- [Data for analysis]
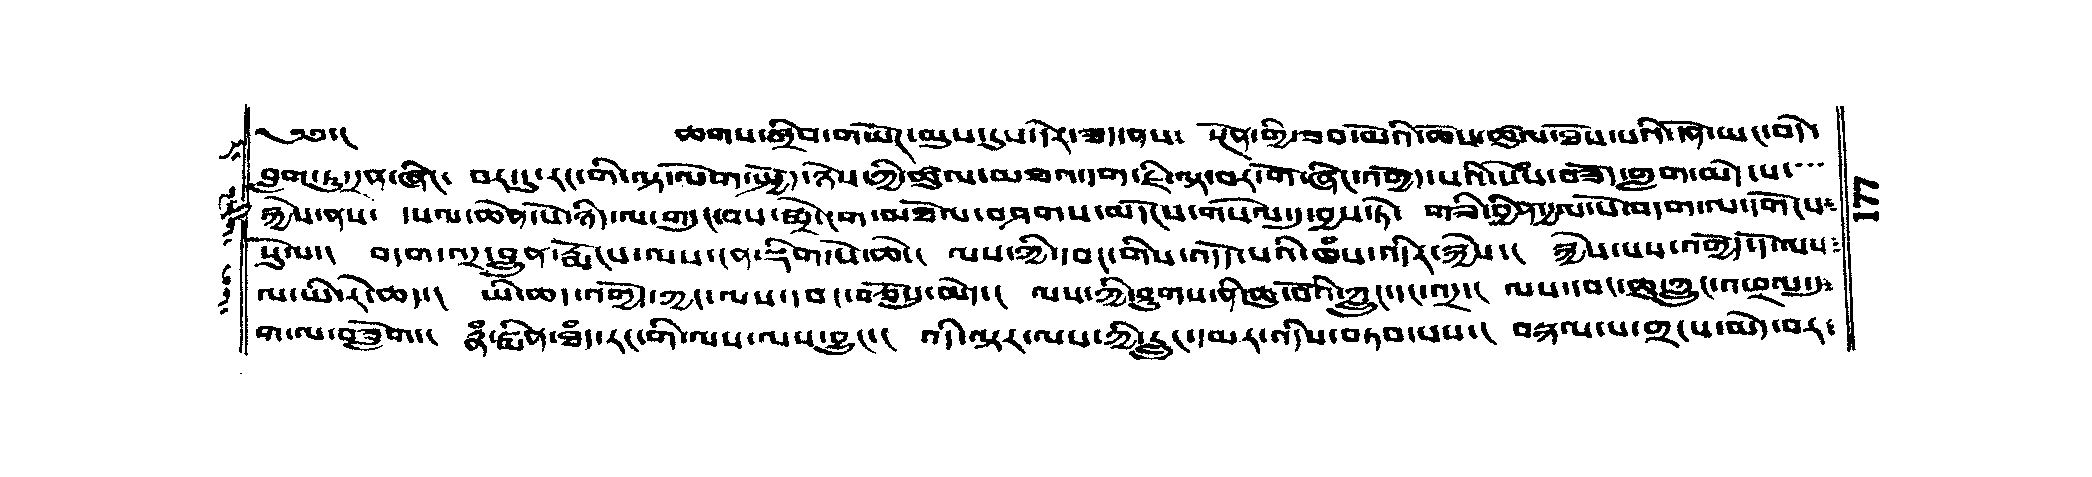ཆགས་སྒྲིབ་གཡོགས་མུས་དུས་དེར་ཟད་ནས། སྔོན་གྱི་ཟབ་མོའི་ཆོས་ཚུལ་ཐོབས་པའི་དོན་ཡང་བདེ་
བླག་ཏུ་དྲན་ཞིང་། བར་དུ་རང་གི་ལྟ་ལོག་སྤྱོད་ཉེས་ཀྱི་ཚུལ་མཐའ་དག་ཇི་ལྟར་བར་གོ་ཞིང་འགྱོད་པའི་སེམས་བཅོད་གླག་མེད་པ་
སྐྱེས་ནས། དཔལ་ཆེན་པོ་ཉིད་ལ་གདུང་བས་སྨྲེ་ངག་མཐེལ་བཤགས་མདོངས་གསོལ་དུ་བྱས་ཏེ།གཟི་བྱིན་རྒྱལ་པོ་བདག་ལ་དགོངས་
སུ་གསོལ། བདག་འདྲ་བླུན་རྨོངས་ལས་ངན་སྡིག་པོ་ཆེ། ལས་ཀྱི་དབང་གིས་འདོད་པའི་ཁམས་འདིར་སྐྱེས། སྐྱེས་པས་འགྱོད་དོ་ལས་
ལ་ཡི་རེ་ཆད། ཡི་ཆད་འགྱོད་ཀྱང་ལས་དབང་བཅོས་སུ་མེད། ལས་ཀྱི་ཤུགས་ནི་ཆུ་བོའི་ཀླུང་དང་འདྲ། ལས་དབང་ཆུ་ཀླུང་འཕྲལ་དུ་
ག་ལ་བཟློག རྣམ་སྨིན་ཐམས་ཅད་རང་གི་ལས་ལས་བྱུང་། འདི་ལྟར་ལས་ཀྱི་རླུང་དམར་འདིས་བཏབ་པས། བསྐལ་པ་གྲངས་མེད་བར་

==

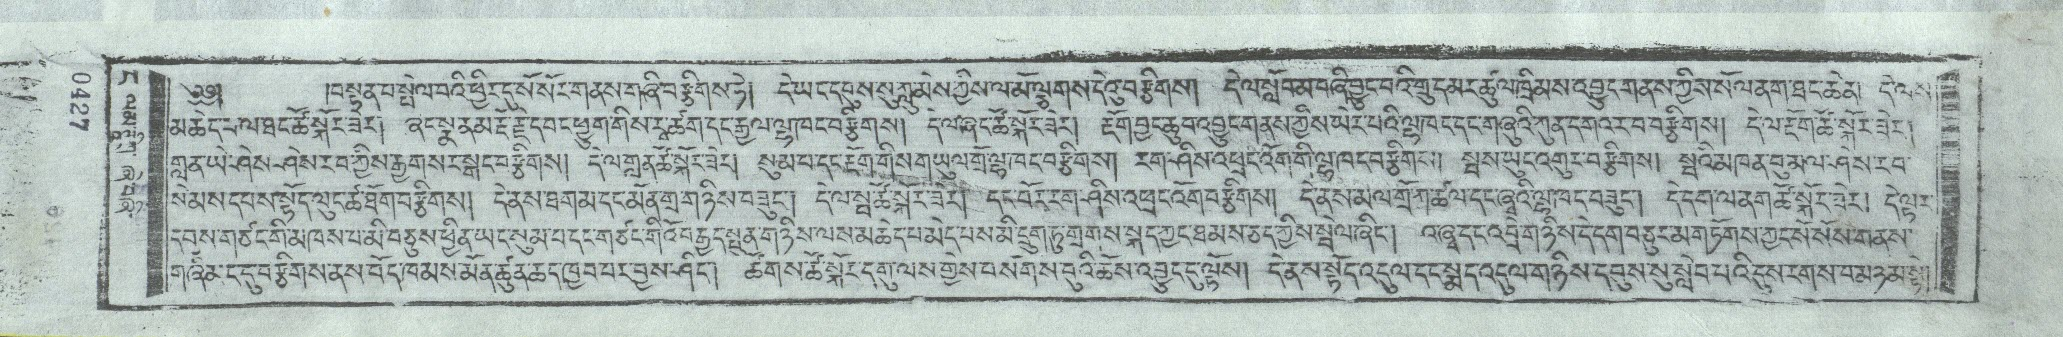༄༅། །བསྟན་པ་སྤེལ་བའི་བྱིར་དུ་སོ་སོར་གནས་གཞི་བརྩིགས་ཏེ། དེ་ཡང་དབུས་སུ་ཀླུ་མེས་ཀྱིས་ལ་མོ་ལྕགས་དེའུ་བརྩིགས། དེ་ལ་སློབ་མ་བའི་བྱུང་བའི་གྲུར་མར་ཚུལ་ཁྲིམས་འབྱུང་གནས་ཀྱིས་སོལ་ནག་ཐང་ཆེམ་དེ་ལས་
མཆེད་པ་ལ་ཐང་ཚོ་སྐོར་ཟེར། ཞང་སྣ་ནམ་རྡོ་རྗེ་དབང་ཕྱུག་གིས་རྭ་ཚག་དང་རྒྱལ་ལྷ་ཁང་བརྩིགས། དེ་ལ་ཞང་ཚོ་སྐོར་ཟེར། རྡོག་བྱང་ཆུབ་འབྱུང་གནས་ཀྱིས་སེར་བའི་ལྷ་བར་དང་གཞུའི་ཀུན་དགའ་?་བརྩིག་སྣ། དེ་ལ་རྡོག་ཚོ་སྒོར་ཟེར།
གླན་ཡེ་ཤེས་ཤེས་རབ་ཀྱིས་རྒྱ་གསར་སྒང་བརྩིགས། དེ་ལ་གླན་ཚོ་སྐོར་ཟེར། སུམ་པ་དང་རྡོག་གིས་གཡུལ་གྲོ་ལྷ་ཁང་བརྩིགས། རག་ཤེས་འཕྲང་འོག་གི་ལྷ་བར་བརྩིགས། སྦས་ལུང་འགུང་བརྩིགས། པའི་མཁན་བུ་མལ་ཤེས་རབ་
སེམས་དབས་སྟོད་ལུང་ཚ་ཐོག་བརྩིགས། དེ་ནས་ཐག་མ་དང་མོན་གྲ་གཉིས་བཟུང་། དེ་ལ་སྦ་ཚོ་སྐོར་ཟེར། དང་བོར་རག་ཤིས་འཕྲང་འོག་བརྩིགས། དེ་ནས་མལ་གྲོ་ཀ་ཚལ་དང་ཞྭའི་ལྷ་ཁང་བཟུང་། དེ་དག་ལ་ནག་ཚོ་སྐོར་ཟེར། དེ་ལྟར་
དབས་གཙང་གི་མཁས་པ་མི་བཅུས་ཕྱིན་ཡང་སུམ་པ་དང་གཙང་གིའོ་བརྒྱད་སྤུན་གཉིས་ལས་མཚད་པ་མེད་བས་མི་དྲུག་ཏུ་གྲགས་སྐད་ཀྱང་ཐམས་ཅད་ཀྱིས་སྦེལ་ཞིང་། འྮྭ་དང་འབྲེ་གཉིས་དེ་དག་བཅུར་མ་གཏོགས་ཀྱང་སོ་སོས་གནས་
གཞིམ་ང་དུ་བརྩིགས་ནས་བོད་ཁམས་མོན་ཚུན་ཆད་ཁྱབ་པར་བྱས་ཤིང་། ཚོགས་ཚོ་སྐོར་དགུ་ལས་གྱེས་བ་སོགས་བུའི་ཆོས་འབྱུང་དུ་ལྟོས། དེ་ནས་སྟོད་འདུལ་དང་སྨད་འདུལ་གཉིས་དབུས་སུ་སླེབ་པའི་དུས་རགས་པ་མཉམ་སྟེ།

- [Your task] Everything above from the line that has "ཆགས་སྒྲིབ་གཡོག" down to the line that has "སྐྱེས་ནས། དཔལ་" should be output exactly, with both of those lines included. Leave the pictures behind.

- [Exercise solution]
ཆགས་སྒྲིབ་གཡོགས་མུས་དུས་དེར་ཟད་ནས། སྔོན་གྱི་ཟབ་མོའི་ཆོས་ཚུལ་ཐོབས་པའི་དོན་ཡང་བདེ་
བླག་ཏུ་དྲན་ཞིང་། བར་དུ་རང་གི་ལྟ་ལོག་སྤྱོད་ཉེས་ཀྱི་ཚུལ་མཐའ་དག་ཇི་ལྟར་བར་གོ་ཞིང་འགྱོད་པའི་སེམས་བཅོད་གླག་མེད་པ་
སྐྱེས་ནས། དཔལ་ཆེན་པོ་ཉིད་ལ་གདུང་བས་སྨྲེ་ངག་མཐེལ་བཤགས་མདོངས་གསོལ་དུ་བྱས་ཏེ།གཟི་བྱིན་རྒྱལ་པོ་བདག་ལ་དགོངས་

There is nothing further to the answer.